TASK ITEM:
Before copying, set the pictures aside; then repeat every line below verbatim.

┄┄┄┄┄┄

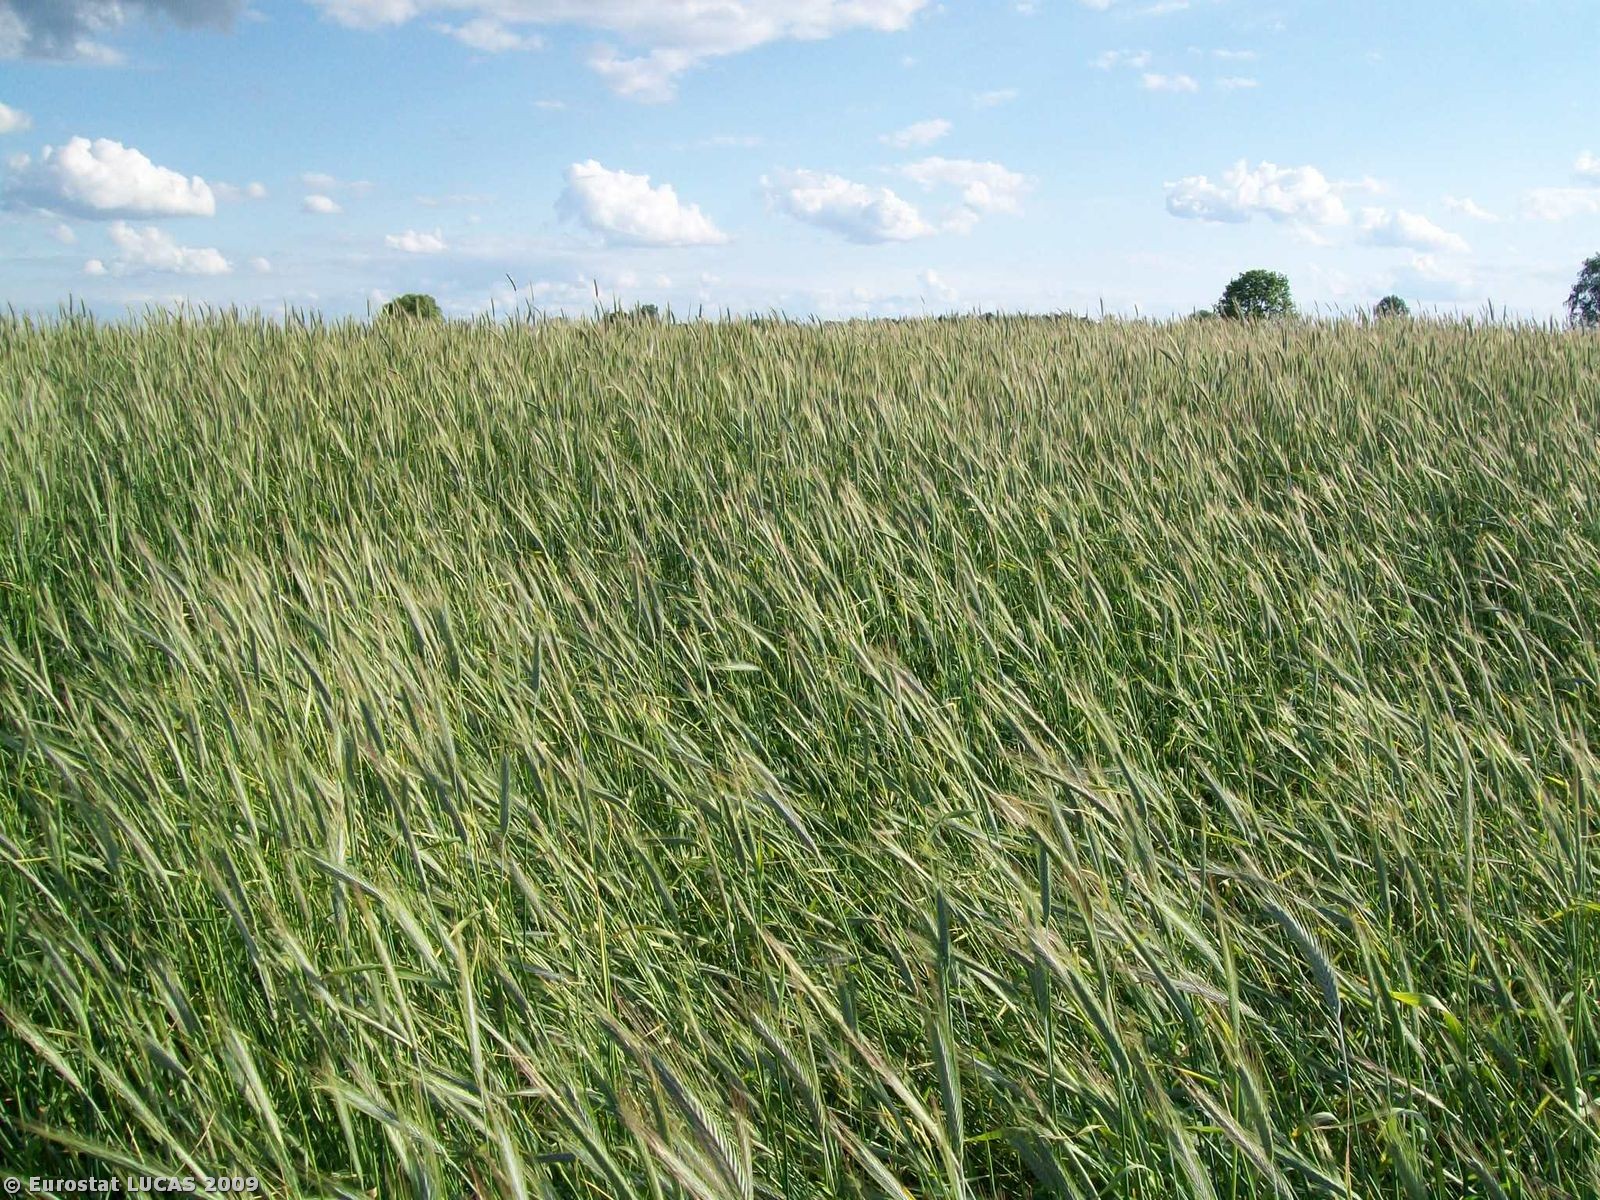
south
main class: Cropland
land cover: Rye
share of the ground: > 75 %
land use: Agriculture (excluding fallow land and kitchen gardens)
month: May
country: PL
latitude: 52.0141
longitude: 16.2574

┄┄┄┄┄┄

RESULT:
south
main class: Cropland
land cover: Rye
share of the ground: > 75 %
land use: Agriculture (excluding fallow land and kitchen gardens)
month: May
country: PL
latitude: 52.0141
longitude: 16.2574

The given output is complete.